#### ASSIGNMENT
Report how many lines in the records below hold "slanted", with no other output.

#### THE DATA
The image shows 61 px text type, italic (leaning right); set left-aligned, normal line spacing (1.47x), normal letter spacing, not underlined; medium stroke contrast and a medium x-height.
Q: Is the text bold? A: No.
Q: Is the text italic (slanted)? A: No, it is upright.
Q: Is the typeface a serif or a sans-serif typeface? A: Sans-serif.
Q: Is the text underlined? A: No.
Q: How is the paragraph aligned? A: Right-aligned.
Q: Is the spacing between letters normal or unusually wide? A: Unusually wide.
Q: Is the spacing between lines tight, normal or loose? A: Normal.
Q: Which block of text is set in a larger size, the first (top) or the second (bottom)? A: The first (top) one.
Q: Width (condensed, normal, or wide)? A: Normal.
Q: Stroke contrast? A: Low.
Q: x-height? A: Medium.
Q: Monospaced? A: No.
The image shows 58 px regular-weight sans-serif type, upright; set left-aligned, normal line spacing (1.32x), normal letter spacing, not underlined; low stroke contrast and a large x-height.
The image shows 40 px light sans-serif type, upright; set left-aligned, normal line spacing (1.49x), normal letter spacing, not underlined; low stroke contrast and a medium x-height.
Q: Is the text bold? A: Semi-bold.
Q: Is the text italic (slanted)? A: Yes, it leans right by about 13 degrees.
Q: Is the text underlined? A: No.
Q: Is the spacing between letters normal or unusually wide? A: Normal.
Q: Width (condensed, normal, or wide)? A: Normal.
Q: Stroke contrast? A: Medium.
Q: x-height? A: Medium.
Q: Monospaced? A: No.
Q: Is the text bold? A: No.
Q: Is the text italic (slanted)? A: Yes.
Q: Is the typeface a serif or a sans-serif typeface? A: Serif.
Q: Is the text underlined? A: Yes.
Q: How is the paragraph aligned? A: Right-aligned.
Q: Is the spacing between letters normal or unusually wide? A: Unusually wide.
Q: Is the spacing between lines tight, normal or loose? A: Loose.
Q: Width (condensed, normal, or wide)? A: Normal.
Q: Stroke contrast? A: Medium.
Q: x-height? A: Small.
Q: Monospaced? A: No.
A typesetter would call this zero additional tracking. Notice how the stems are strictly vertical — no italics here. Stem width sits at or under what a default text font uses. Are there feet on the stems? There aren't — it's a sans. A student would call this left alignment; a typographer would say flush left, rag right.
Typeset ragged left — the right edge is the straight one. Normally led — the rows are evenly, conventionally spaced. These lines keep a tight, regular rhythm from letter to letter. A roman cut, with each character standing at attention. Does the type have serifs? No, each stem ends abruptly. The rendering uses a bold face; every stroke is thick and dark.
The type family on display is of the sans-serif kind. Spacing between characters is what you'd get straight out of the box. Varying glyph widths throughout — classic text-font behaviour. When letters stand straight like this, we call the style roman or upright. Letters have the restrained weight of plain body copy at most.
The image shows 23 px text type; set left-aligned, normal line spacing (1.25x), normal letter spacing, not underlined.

#### SOLVED EXERCISE
3